Given what you just posted, it's worse than what I thought.

Quote:No, what the poll showed was that Americans are dissatisfied with the current healthcare system but are too uneducated or unwilling to provide an alternative solution to Obamacare and are, generally, against the Affordable Care Act in favor of a more privatized system.

And, like I said, none of that matters. It was all irrelevant to my point. It was a cherry picked issue for distraction, that didn't make a significant and relevant point.

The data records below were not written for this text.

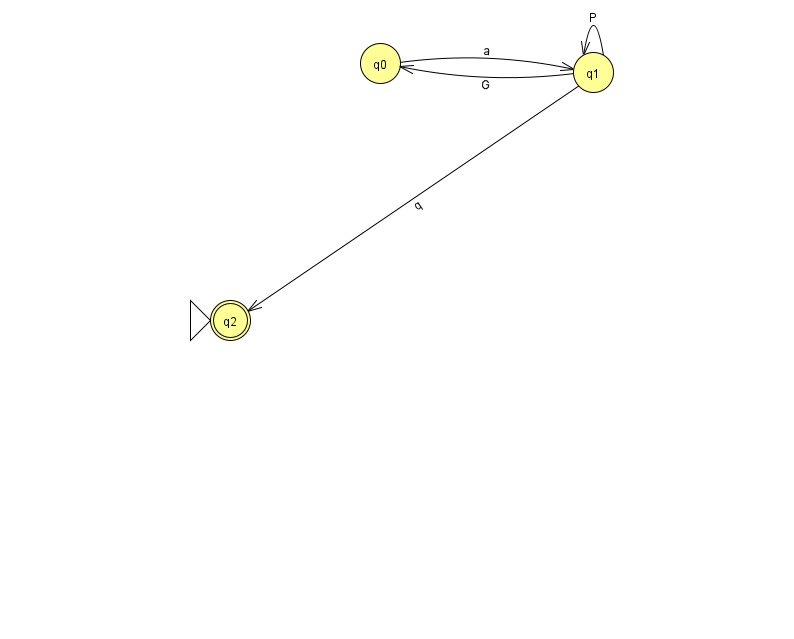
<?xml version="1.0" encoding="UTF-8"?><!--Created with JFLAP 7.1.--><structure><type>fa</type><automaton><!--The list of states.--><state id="0" name="q0"><x>380.0</x><y>50.0</y></state><state id="1" name="q1"><x>593.0</x><y>59.0</y></state><state id="2" name="q2"><x>230.0</x><y>307.0</y><initial/><final/></state><!--The list of transitions.--><transition><from>1</from><to>1</to><read>P</read></transition><transition><from>0</from><to>1</to><read>a</read></transition><transition><from>1</from><to>2</to><read>q</read></transition><transition><from>1</from><to>0</to><read>G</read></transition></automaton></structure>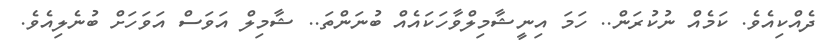
ދެއްކިއެވެ. ކަމެއް ނުކުރަން.. ހަމަ އިނީޝާމިލްވާހަަކައެއް ބުނަންތަ.. ޝާމިލް އަވަސް އަވަހަށް ބުނެލިއެވެ.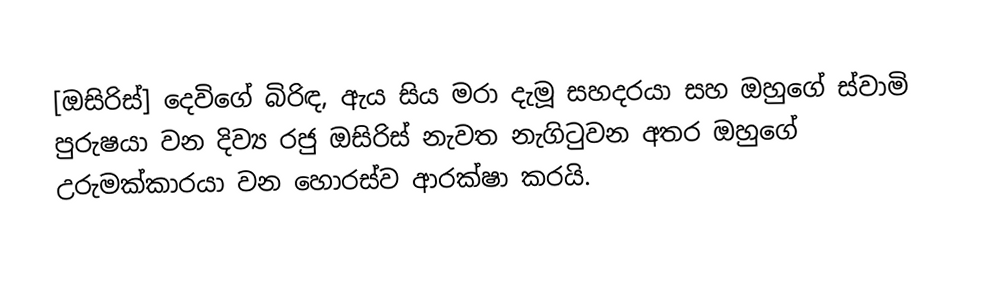
[ඔසිරිස්] දෙවිගේ බිරිඳ, ඇය සිය මරා දැමූ සහදරයා සහ ඔහුගේ ස්වාමි පුරුෂයා වන දිව්‍ය රජු ඔසිරිස් නැවත නැගිටුවන අතර ඔහුගේ උරුමක්කාරයා වන හොරස්ව ආරක්ෂා කරයි.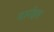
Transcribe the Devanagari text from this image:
मार्नहल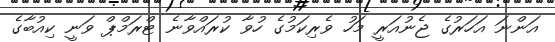
އަންނަ އަހަރުގެ ޖެނުއަރީ މަހު ވެރިކަމުގެ ހުވާ ކުރައްވާނެ ޓްރަމްޕް ވަނީ ކިއުބާގެ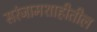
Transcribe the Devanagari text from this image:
सरंजामशाहीतील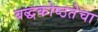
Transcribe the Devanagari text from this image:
बद्धकोष्ठतेचा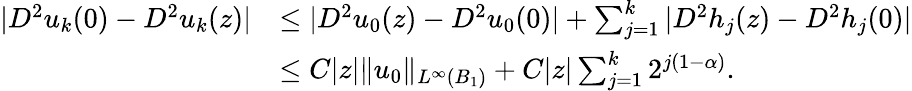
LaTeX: \begin{array}{rl}{|D^{2}u_{k}(0)-D^{2}u_{k}(z)|}&{\le|D^{2}u_{0}(z)-D^{2}u_{0}(0)|+\sum_{j=1}^{k}|D^{2}h_{j}(z)-D^{2}h_{j}(0)|}\\ &{\le C|z|\| u_{0}\| _{L^{\infty}(B_{1})}+C|z|\sum_{j=1}^{k}2^{j(1-\alpha)}.}\end{array}
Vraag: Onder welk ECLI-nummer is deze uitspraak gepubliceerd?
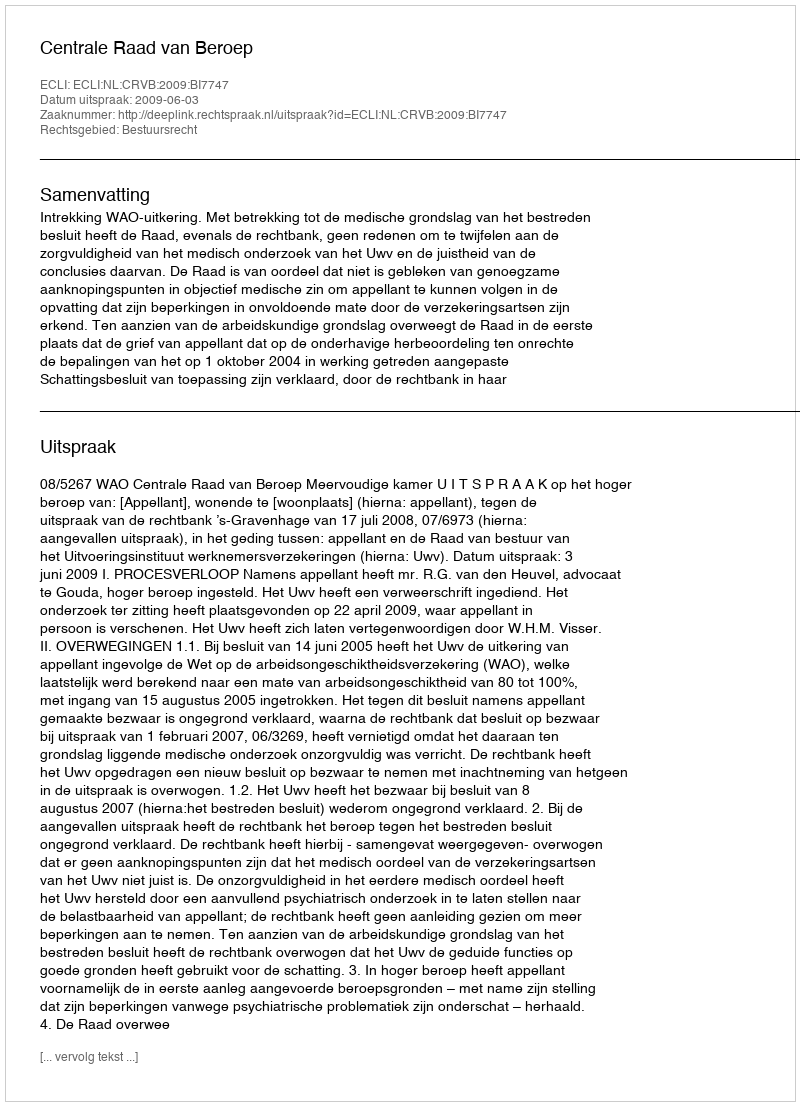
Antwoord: ECLI:NL:CRVB:2009:BI7747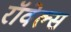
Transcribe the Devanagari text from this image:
रॉवेल्स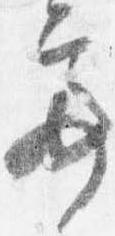
亭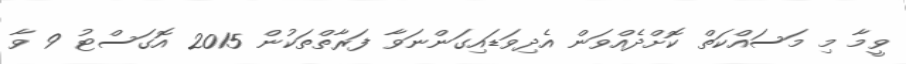
ވީމާ މި މަސައްކަތް ކޮށްދެއްވަން އެދިވަޑައިގަންނަވާ ފަރާތްތަކުން 2015 އޮގަސްޓު 9 ވާ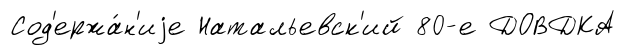
Сод'ержа́н'иjе Натальевск'ий 80-е ДОВДКА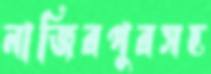
নাজিরপুরসহ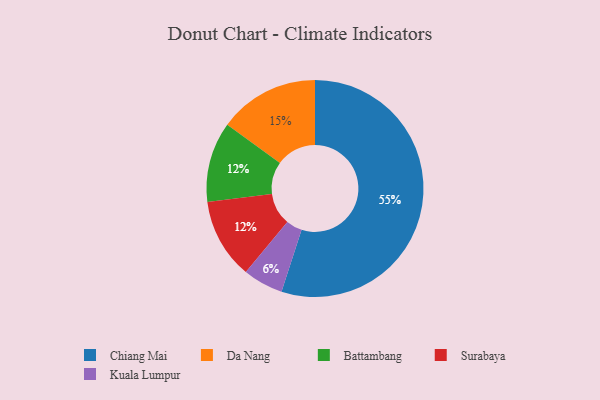
{"axis": {"x": "Category", "y": "Percentage"}, "legend": ["Battambang", "Chiang Mai", "Da Nang", "Kuala Lumpur", "Surabaya"], "data": [{"x": "Da Nang", "y": 15, "type": "Da Nang"}, {"x": "Chiang Mai", "y": 55, "type": "Chiang Mai"}, {"x": "Battambang", "y": 12, "type": "Battambang"}, {"x": "Kuala Lumpur", "y": 6, "type": "Kuala Lumpur"}, {"x": "Surabaya", "y": 12, "type": "Surabaya"}]}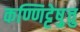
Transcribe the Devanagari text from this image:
कण्णिट्टेषु़त्तु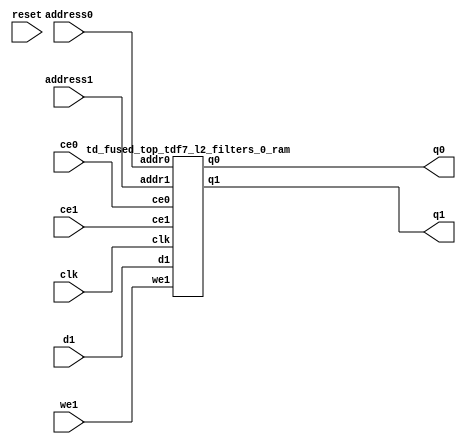
`define EXPONENT 5
`define MANTISSA 10
`define ACTUAL_MANTISSA 11
`define EXPONENT_LSB 10
`define EXPONENT_MSB 14
`define MANTISSA_LSB 0
`define MANTISSA_MSB 9
`define MANTISSA_MUL_SPLIT_LSB 3
`define MANTISSA_MUL_SPLIT_MSB 9
`define SIGN 1
`define SIGN_LOC 15
`define DWIDTH (`SIGN+`EXPONENT+`MANTISSA)
`define IEEE_COMPLIANCE 1

module td_fused_top_tdf7_l2_filters_0(
    reset,
    clk,
    address0,
    ce0,
    q0,
    address1,
    ce1,
    we1,
    d1,
    q1);

parameter DataWidth = 32'd16;
parameter AddressRange = 32'd4096;
parameter AddressWidth = 32'd12;
input reset;
input clk;
input[AddressWidth - 1:0] address0;
input ce0;
output[DataWidth - 1:0] q0;
input[AddressWidth - 1:0] address1;
input ce1;
input we1;
input[DataWidth - 1:0] d1;
output[DataWidth - 1:0] q1;



td_fused_top_tdf7_l2_filters_0_ram td_fused_top_tdf7_l2_filters_0_ram_U(
    .clk( clk ),
    .addr0( address0 ),
    .ce0( ce0 ),
    .q0( q0 ),
    .addr1( address1 ),
    .ce1( ce1 ),
    .we1( we1 ),
    .d1( d1 ),
    .q1( q1 )
);

endmodule
module td_fused_top_tdf7_l2_filters_0_ram (addr0, ce0, q0, addr1, ce1, d1, we1, q1,  clk);

parameter DWIDTH = 16;
parameter AWIDTH = 12;
parameter MEM_SIZE = 4096;

input[AWIDTH-1:0] addr0;
input ce0;
output reg[DWIDTH-1:0] q0;
input[AWIDTH-1:0] addr1;
input ce1;
input[DWIDTH-1:0] d1;
input we1;
output reg[DWIDTH-1:0] q1;
input clk;

 reg [DWIDTH-1:0] ram[MEM_SIZE-1:0];




always @(posedge clk)  
begin 
    if (ce0) begin
        q0 <= ram[addr0];
    end
end


always @(posedge clk)  
begin 
    if (ce1) begin
        if (we1) 
            ram[addr1] <= d1; 
        q1 <= ram[addr1];
    end
end


endmodule

Quote:No, you made this an issue by saying we cannot work the system. Populists movements are the name of the game, and nowhere in my saying that I vote for politicians that I believe would be willing to make those chances contradict those sentiments. You made a large, generalized claim about my beliefs without knowing them. That is the issue. Instead of asking what I believe, you told me we cannot work the system. Yes we can.
Quote:I never said massive movements are necessary. I said a vocal ones are. I was never ignorant or apologetic about this subject. You asserted something that was grossly miscalculated.


I never said, you couldn't work within the system (I never meant to imply that, even if I did say it), I was inquiring as to what you felt was working within the system, wanting elaboration. I specifically asked you about your views, and regardless of what you took from the discussion, that was my intention throughout.

I don't think I intended to imply that you said massive movements were necessary, but that really doesn't matter.

I just wanted to see your views being expressed. If you think that popular movements have been relatively successful, and you just have to be expressive and vote, that goes to you being naive. And if you think there just have been changes with popular movements, possibly comfortable with the results, but definitely okay with the reality of actually needing to have significant movements to get insignificant concessions, that's a problem. If you had something else in mind, I was inquiring as to your view.

I don't want to come off as being prejudice, as I'm seriously trying to get an understanding of your views. The type of society that people want to live in, which I think is likely something Americans have already decided, is the major, but mostly ignored, issue with regard to Snowden, and I was trying to get an idea of what you were expressing in this thread.